Девушка потупилась, но горделиво выпрямилась.
– Не знаю, Энтони. Я этого больше не знаю. Пожалуйста, дайте мне время подумать!
– Еще два года, как предложила тетя Бетти?
– Вы не понимаете меня, лейтенант Роуч.
– Да, недоразумений сегодня было довольно! Я дам вам время подумать, Кейт. Но ваш отец, который сегодня выстрелил в меня, будет настаивать, чтобы вы вышли за меня, несмотря ни на что. Вы же приехали сюда вместе со мной.
– Тьфу, лейтенант Роуч, вы мне отвратительны.
– Буду очень рад, если вы сумеете преодолеть свое отвращение у алтаря!
Кейт пошла к двери, не быстро, не поспешно, а медленно.
– Лейтенант Роуч, – произнесла она, – вижу, что не понимала себя саму, когда заключила с вами помолвку.
Девушка отвела глаза и медленно, так же как встала, вышла из кабинета во двор.
Выйдя на яркий свет, она остановилась. Она вполне отдавала себе отчет в том, что приняла решение, которое никогда не изменит. Кейт Смит не станет женой Энтони Роуча. Она почувствовала, как от столкновения с неизмеримой подлостью, которой были исполнены слова Роуча, в ее душе пробудилась какая-то спокойная, тайная сила, и положилась на саму себя. Даже хаос мыслей и чувств, лихорадочно, сумбурно сменявшихся в ее сознании, не мог лишить ее этой новой, только что обретенной уверенности в себе.
Энтони Роуч был подлец. А Кейт Смит была девицей, бабушка которой верхом, с ружьем в руке еще защищала собственную ферму.

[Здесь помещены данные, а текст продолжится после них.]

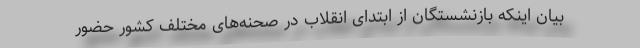
بیان اینکه بازنشستگان از ابتدای انقلاب در صحنه‌های مختلف کشور حضور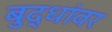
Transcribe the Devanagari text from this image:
बुद्धांवर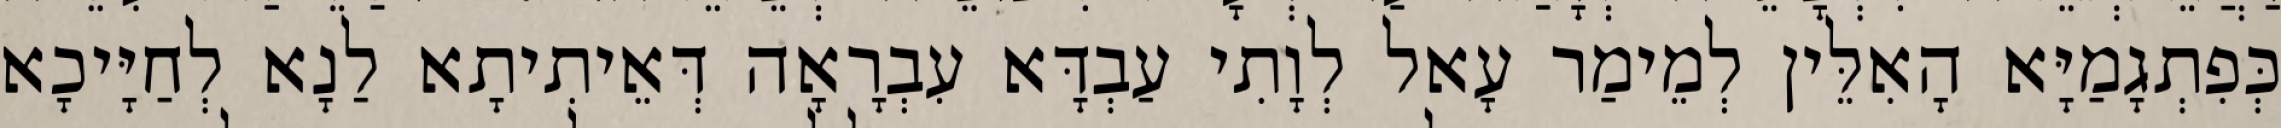
כְּפִתְגָמַיָּא הָאִלֵּין לְמֵימַר עָאל לְוָתִי עַבְדָּא עִבְרָאָה דְּאֵיתִיתָא לַנָא לְחַיָּיכָא
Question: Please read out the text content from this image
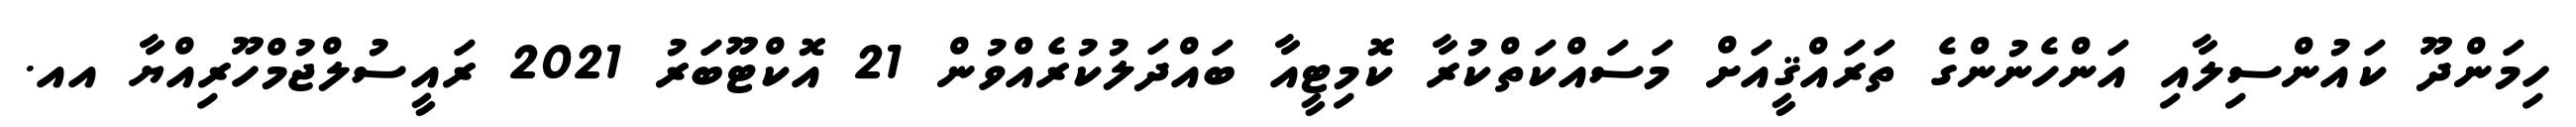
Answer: ހިމަންދޫ ކައުންސިލާއި އަންހެނުންގެ ތަރައްޤީއަށް މަސައްކަތްކުރާ ކޮމިޓީއާ ބައްދަލުކުރެއްވުން 21 އޮކްޓޫބަރު 2021 ރައީސުލްޖުމްހޫރިއްޔާ އއ.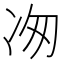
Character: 𭂉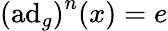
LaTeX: \left(\operatorname{ad}_{g}\right)^{n}(x)=e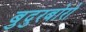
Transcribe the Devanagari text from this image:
बुदुरबोरो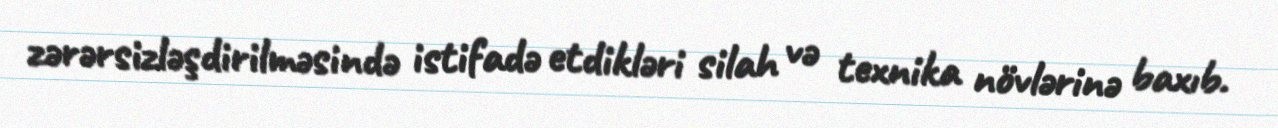
zərərsizləşdirilməsində istifadə etdikləri silah və texnika növlərinə baxıb.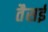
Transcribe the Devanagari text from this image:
तैसई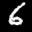
Label: 6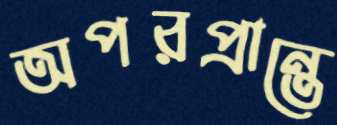
অপরপ্রান্তে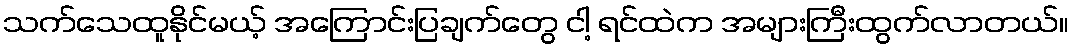
သက်သေထူနိုင်မယ့် အကြောင်းပြချက်တွေ ငါ့ ရင်ထဲက အများကြီးထွက်လာတယ်။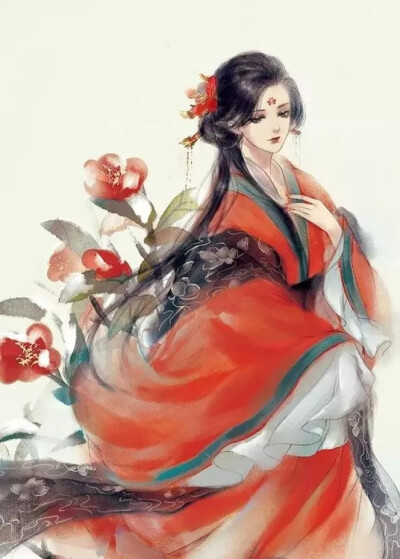
柳如眉，云似发，鲛绡雾縠笼香雪。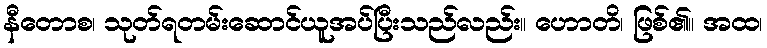
နီတောစ၊ သုတ်ရတမ်းဆောင်ယူအပ်ပြီးသည်လည်း။ ဟောတိ၊ ဖြစ်၏။ အထ၊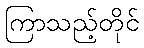
ကြာသည့်တိုင်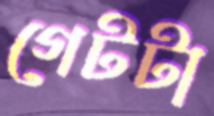
গেটটা

Даже тетя Бетти не смогла до конца вытравить в душе Кейт чувство собственного достоинства. Неужели Кейт и вправду могла убедить себя, что любит такого человека, как Роуч? Неужели она обманывала себя, неужели позволила очаровать себя льстивым комплиментам Роуча, чтобы бежать из плена, от тети Бетти?
Вероятно, так все и было. У нее словно пелена спала с глаз.

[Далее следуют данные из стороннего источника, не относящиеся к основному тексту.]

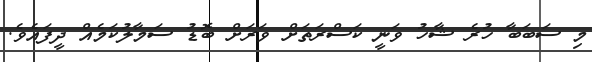
މި ސަބަބާ ހުރެ ޝާހު ވަނީ ކަސްރަތަށް ވަރަށް ބޮޑު ސަމާލުކަމެއް ދީފައެވެ.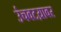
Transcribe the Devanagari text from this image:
उंचवटय़ावर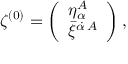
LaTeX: { \zeta ^ { ( 0 ) } = \left( \begin{array} { l } { { \eta _ { \alpha } ^ { A } } } \\ { { \bar { \xi } ^ { \dot { \alpha } \, A } } } \end{array} \right) , }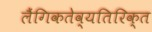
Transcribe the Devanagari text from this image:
लैंगिकतेव्यतिरिक्त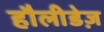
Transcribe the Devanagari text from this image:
हौलीडेज़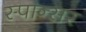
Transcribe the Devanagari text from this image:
स्पान्सर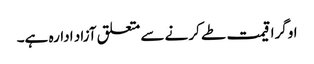
اوگرا قیمت طے کرنے سے متعلق آزاد ادارہ ہے۔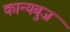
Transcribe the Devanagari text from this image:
कान्यबुज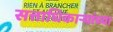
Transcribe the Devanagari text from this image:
सत्ताधिकाऱ्यांच्या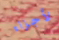
لأجزاء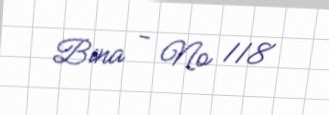
Bina - № 118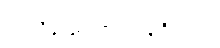
သုံးသိန်းနှစ်သောင်းမျှရှိသည်။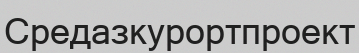
Средазкурортпроект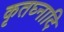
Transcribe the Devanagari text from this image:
कृतघ्नादि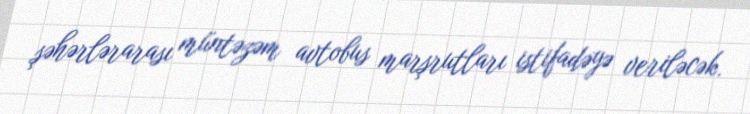
şəhərlərarası müntəzəm avtobus marşrutları istifadəyə veriləcək.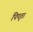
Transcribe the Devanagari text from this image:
पिपृतां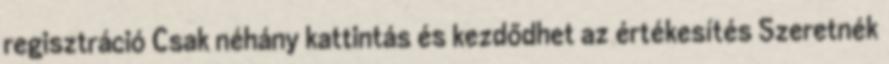
regisztráció Csak néhány kattintás és kezdődhet az értékesítés Szeretnék

Кейт стала в одиночестве бродить туда-сюда по двору. Она прошла мимо индейского разведчика Тобиаса, которого так и не отвязали от столба. Он опустился на землю и устремил ничего не выражающий взгляд в пространство.
Сейчас, когда у нее словно открылись глаза, Кейт невольно сочувствовала всякому живому существу, которого так же, как и ее саму, кто-то обрек на муки. Поэтому она остановилась возле индейца и, желая оправдать перед самой собой, а может быть, и перед другими то обстоятельство, что обращается к индейцу, приговоренному к телесному наказанию, произнесла: «Тобиас, не упрямься, расскажи, как положено, все моему отцу, майору Смиту. Скажи с чистой совестью все как есть, ничего не скрывай. Мой отец всегда поступает справедливо».